CMI photo: Tony BullocksRocky Patterson of Pratt, Kan., ropes his steer i during Friday's Pioneer Days Rodeo at Curry County Events Center. Patterson posted a time of 12.06 seconds.

There are 53 PRCA rodeos which include the event, said PRCA steer roping director and competitor J.P. Wickett.

"You have to have a lot of patience roping steers," said Wickett, 42, from Sallisaw, Okla. "This is an event where a good horse, and good horsemanship, are very important."

Snedecor, from Fredericksburg, Texas, makes between 20 and 30 rodeos a year. He was the PRCA champion in the event in 2005 and 2008 and has made the national finals (top 15) in each of the last 11 years.

He essentially does steer roping full time, although he dabbles in team roping "when it's convenient."

"It's more of a family-oriented (event)," Snedecor said. "I can take my family to it, and I don't have to drive the high-dollar diesel."

Because steer ropers use their rope to trip the steers, they don't take the physical punishment some in other events might.

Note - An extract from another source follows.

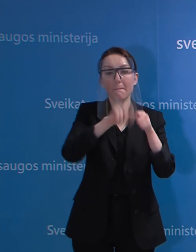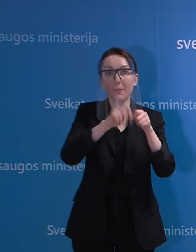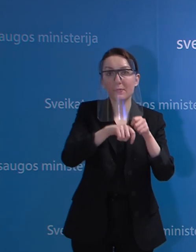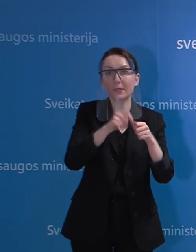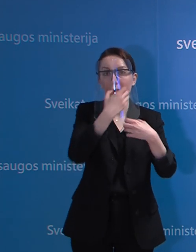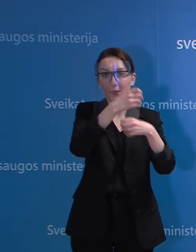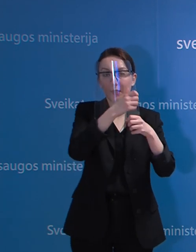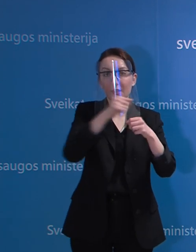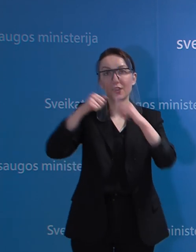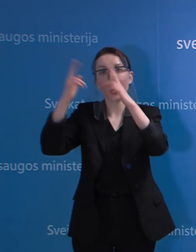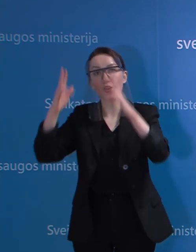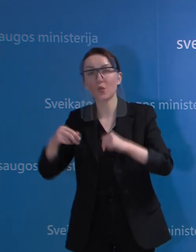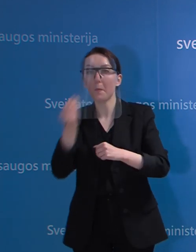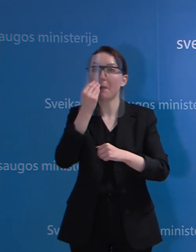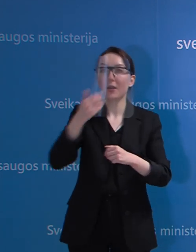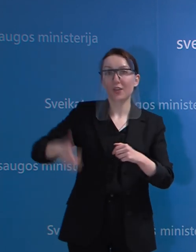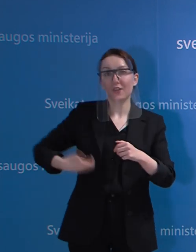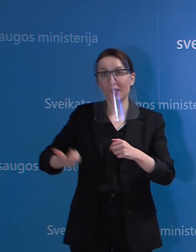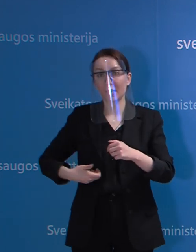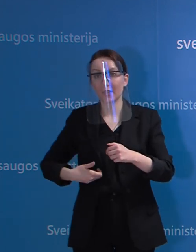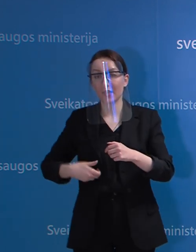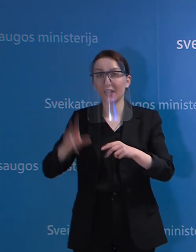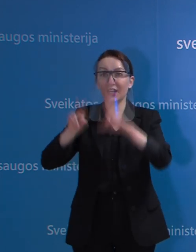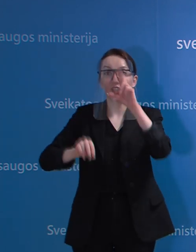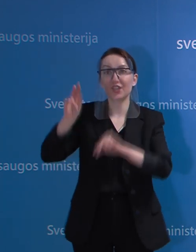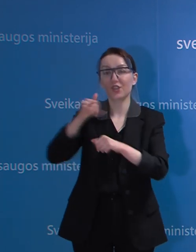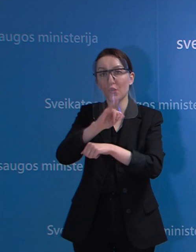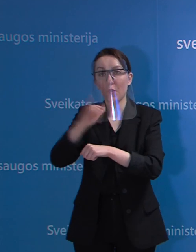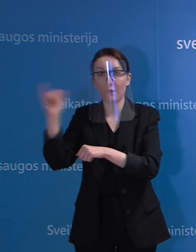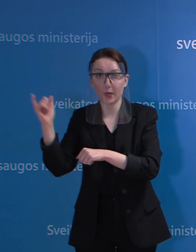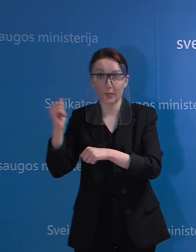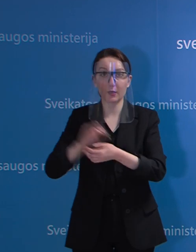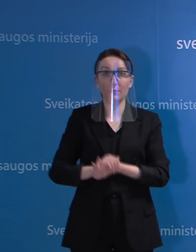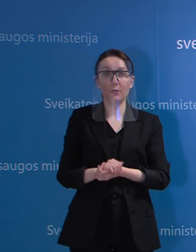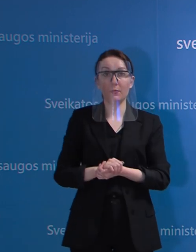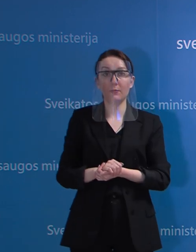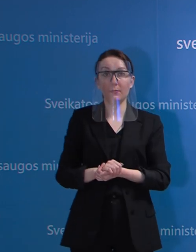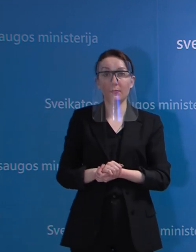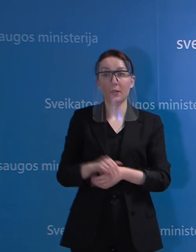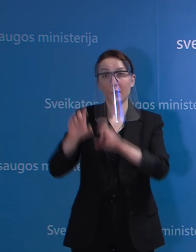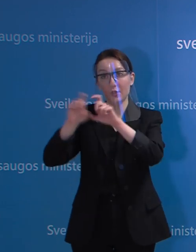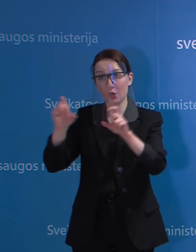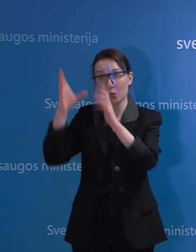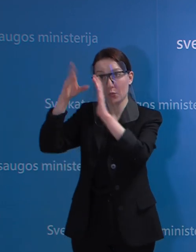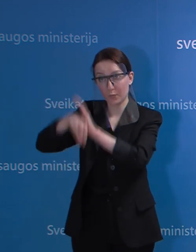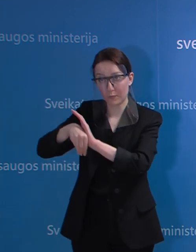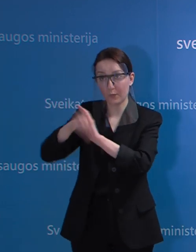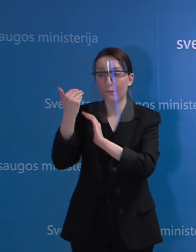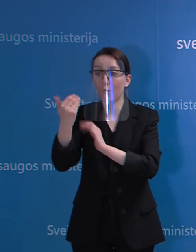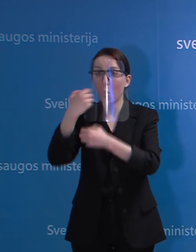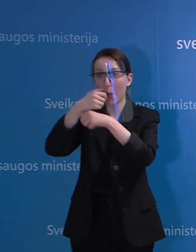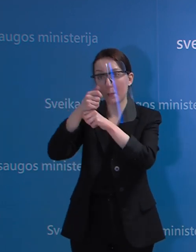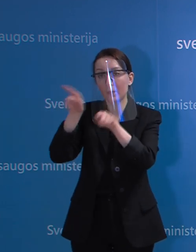pradės tirti ir Nacionalinis maisto ir veterinarijos rizikos vertinimo institutas, tiksliau jo

"It's a longevity sport," Snedecor said. "Dan Fisher is 60 years old, and he makes the finals every year."

Wickett, meantime, who has also competed in steer roping since the mid-90s, said he doesn't plan to do it that long.

"I would like to rodeo pretty hard for two or three years," he said, "and then kind of pull in the reins."

Unlike Snedecor, Wickett said he works in a tax office in Fort Smith, Ark., from January to mid-April, when the steer roping schedule slows down. It also allows his body time to recuperate.